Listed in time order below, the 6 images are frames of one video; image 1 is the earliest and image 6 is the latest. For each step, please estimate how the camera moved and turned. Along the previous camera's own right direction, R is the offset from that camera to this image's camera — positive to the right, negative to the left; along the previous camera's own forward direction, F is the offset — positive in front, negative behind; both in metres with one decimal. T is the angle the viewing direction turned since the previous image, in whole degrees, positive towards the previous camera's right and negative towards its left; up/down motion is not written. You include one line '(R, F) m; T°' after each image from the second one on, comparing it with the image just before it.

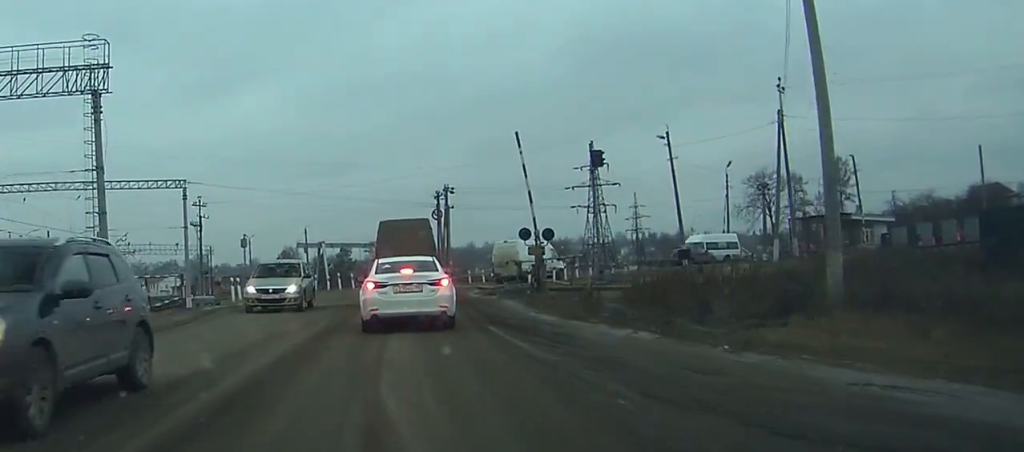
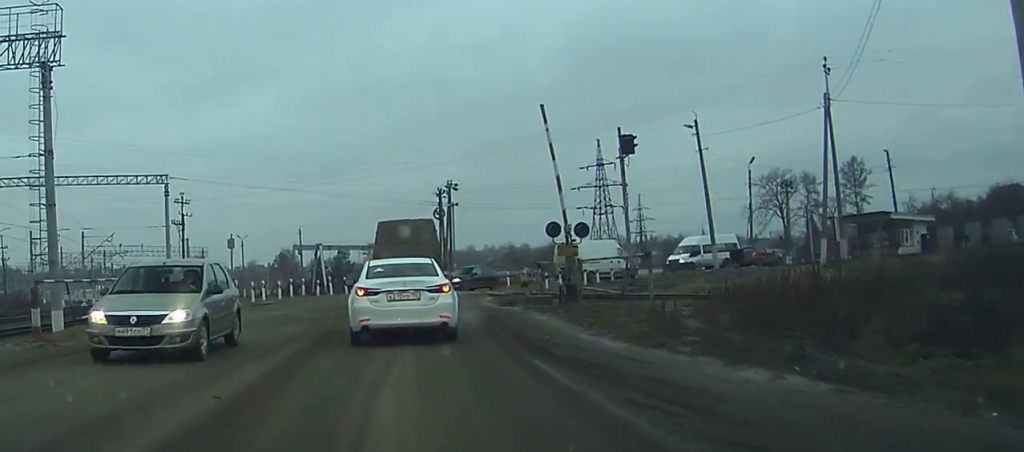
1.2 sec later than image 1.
(+0.2, +6.6) m; +1°
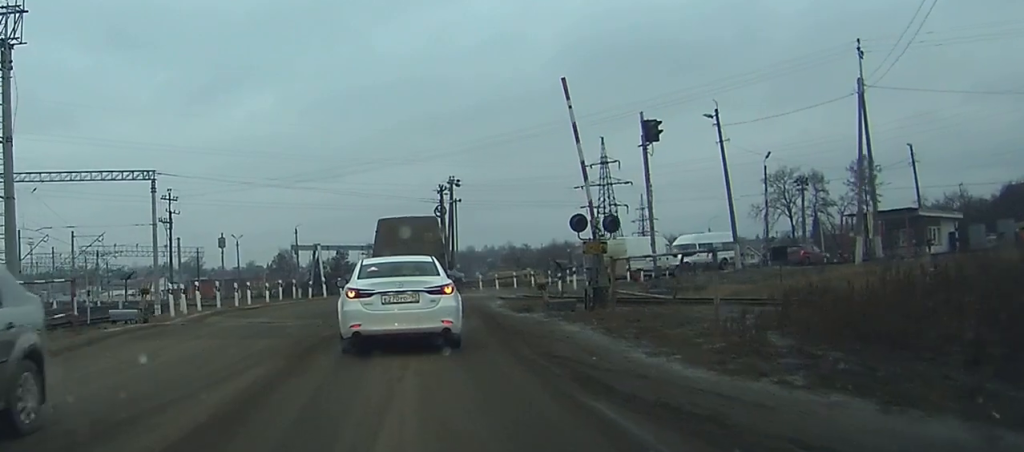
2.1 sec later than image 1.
(0.0, +3.8) m; -1°
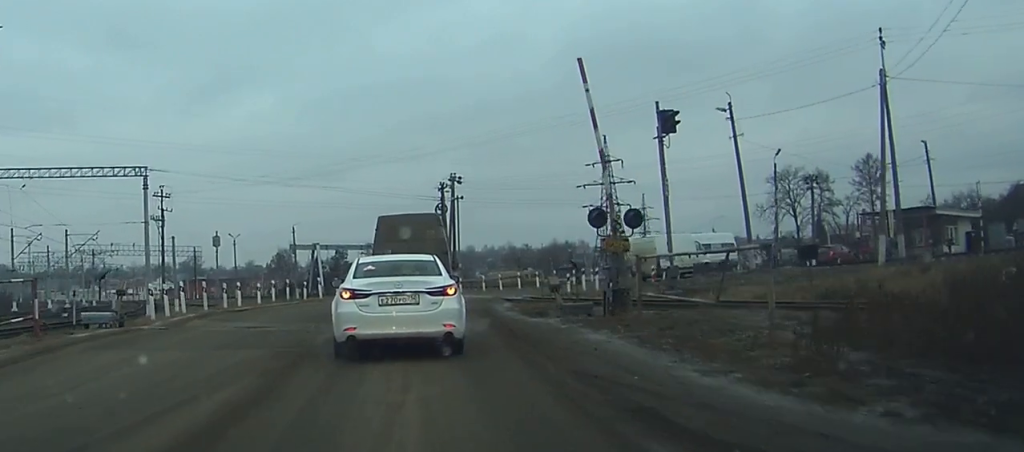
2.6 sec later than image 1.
(0.0, +2.1) m; -1°
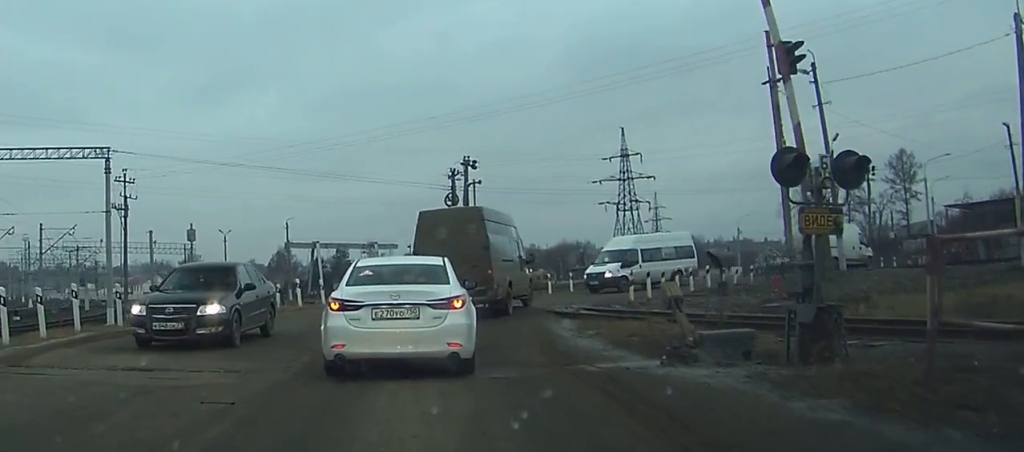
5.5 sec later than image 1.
(-0.2, +9.8) m; -2°
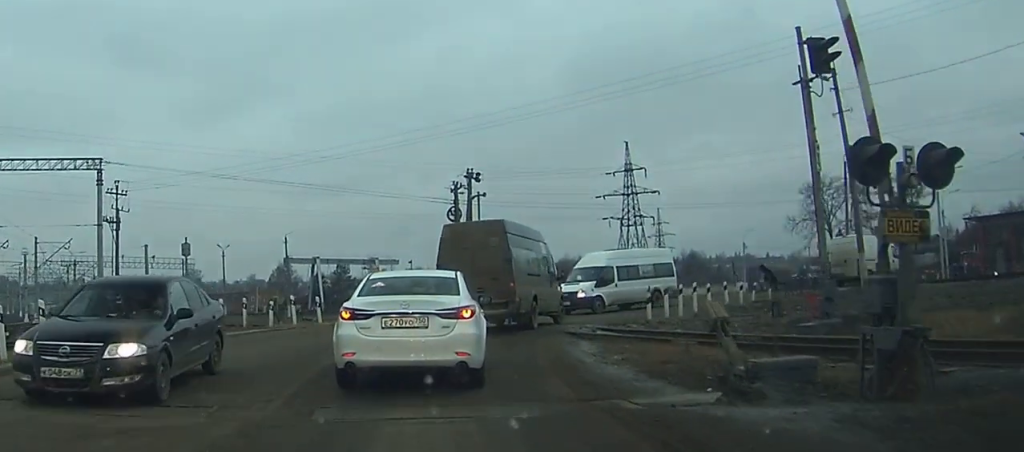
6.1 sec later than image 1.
(0.0, +1.8) m; -1°

=======

Repeat each record exactly, with the pictures left out.

Listed in time order below, the 6 images are frames of one video; image 1 is the earliest and image 6 is the latest. For each step, please estimate how the camera moved and turned. Along the previous camera's own right direction, R is the offset from that camera to this image's camera — positive to the right, negative to the left; along the previous camera's own forward direction, F is the offset — positive in front, negative behind; both in metres with one decimal. T is the angle the viewing direction turned since the previous image, in whole degrees, positive towards the previous camera's right and negative towards its left; up/down motion is not written. You include one line '(R, F) m; T°' after each image from the second one on, comparing it with the image just before it.

1.2 sec later than image 1.
(+0.2, +6.6) m; +1°
2.1 sec later than image 1.
(0.0, +3.8) m; -1°
2.6 sec later than image 1.
(0.0, +2.1) m; -1°
5.5 sec later than image 1.
(-0.2, +9.8) m; -2°
6.1 sec later than image 1.
(0.0, +1.8) m; -1°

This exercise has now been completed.